__Task requirements__
Return the data. Every word must match.

__Records__
......

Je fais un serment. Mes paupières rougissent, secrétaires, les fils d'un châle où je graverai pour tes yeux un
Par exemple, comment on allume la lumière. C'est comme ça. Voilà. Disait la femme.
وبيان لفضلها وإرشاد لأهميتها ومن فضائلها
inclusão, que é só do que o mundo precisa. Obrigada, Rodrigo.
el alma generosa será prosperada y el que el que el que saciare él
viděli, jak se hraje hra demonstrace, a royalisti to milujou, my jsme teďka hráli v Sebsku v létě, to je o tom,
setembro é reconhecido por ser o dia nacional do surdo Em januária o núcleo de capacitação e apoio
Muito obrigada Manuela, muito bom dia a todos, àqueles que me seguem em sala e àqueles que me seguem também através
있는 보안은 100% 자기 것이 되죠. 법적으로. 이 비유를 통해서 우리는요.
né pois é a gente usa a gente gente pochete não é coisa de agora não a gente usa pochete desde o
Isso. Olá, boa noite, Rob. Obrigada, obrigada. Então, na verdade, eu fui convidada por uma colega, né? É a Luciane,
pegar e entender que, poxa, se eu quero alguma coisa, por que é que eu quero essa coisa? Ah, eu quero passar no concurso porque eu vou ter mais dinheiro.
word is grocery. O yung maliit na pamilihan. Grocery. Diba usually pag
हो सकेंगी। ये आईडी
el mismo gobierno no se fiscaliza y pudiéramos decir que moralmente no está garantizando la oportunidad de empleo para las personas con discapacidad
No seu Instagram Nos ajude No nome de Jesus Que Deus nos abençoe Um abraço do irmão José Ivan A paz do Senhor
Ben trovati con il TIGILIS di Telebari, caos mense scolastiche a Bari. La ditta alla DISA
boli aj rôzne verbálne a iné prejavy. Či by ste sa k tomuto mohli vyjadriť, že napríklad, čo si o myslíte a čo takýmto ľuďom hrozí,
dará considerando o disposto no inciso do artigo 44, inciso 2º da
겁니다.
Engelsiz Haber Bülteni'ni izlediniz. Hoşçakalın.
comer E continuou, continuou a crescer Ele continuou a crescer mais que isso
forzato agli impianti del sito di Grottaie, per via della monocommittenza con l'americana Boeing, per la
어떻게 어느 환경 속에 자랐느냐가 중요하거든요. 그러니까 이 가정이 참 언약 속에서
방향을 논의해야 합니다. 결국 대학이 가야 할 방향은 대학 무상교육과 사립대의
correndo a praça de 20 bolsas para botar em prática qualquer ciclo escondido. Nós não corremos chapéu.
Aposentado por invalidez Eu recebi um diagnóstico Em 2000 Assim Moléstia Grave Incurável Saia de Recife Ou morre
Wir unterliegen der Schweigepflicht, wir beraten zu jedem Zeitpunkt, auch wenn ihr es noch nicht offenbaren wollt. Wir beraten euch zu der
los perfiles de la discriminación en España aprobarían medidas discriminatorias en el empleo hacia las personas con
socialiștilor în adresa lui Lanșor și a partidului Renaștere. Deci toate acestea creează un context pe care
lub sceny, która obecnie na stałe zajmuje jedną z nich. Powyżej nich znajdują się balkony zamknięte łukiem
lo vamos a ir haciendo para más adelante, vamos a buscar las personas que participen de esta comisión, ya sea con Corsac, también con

......

__Response to the task__
Je fais un serment. Mes paupières rougissent, secrétaires, les fils d'un châle où je graverai pour tes yeux un
Par exemple, comment on allume la lumière. C'est comme ça. Voilà. Disait la femme.
وبيان لفضلها وإرشاد لأهميتها ومن فضائلها
inclusão, que é só do que o mundo precisa. Obrigada, Rodrigo.
el alma generosa será prosperada y el que el que el que saciare él
viděli, jak se hraje hra demonstrace, a royalisti to milujou, my jsme teďka hráli v Sebsku v létě, to je o tom,
setembro é reconhecido por ser o dia nacional do surdo Em januária o núcleo de capacitação e apoio
Muito obrigada Manuela, muito bom dia a todos, àqueles que me seguem em sala e àqueles que me seguem também através
있는 보안은 100% 자기 것이 되죠. 법적으로. 이 비유를 통해서 우리는요.
né pois é a gente usa a gente gente pochete não é coisa de agora não a gente usa pochete desde o
Isso. Olá, boa noite, Rob. Obrigada, obrigada. Então, na verdade, eu fui convidada por uma colega, né? É a Luciane,
pegar e entender que, poxa, se eu quero alguma coisa, por que é que eu quero essa coisa? Ah, eu quero passar no concurso porque eu vou ter mais dinheiro.
word is grocery. O yung maliit na pamilihan. Grocery. Diba usually pag
हो सकेंगी। ये आईडी
el mismo gobierno no se fiscaliza y pudiéramos decir que moralmente no está garantizando la oportunidad de empleo para las personas con discapacidad
No seu Instagram Nos ajude No nome de Jesus Que Deus nos abençoe Um abraço do irmão José Ivan A paz do Senhor
Ben trovati con il TIGILIS di Telebari, caos mense scolastiche a Bari. La ditta alla DISA
boli aj rôzne verbálne a iné prejavy. Či by ste sa k tomuto mohli vyjadriť, že napríklad, čo si o myslíte a čo takýmto ľuďom hrozí,
dará considerando o disposto no inciso do artigo 44, inciso 2º da
겁니다.
Engelsiz Haber Bülteni'ni izlediniz. Hoşçakalın.
comer E continuou, continuou a crescer Ele continuou a crescer mais que isso
forzato agli impianti del sito di Grottaie, per via della monocommittenza con l'americana Boeing, per la
어떻게 어느 환경 속에 자랐느냐가 중요하거든요. 그러니까 이 가정이 참 언약 속에서
방향을 논의해야 합니다. 결국 대학이 가야 할 방향은 대학 무상교육과 사립대의
correndo a praça de 20 bolsas para botar em prática qualquer ciclo escondido. Nós não corremos chapéu.
Aposentado por invalidez Eu recebi um diagnóstico Em 2000 Assim Moléstia Grave Incurável Saia de Recife Ou morre
Wir unterliegen der Schweigepflicht, wir beraten zu jedem Zeitpunkt, auch wenn ihr es noch nicht offenbaren wollt. Wir beraten euch zu der
los perfiles de la discriminación en España aprobarían medidas discriminatorias en el empleo hacia las personas con
socialiștilor în adresa lui Lanșor și a partidului Renaștere. Deci toate acestea creează un context pe care
lub sceny, która obecnie na stałe zajmuje jedną z nich. Powyżej nich znajdują się balkony zamknięte łukiem
lo vamos a ir haciendo para más adelante, vamos a buscar las personas que participen de esta comisión, ya sea con Corsac, también con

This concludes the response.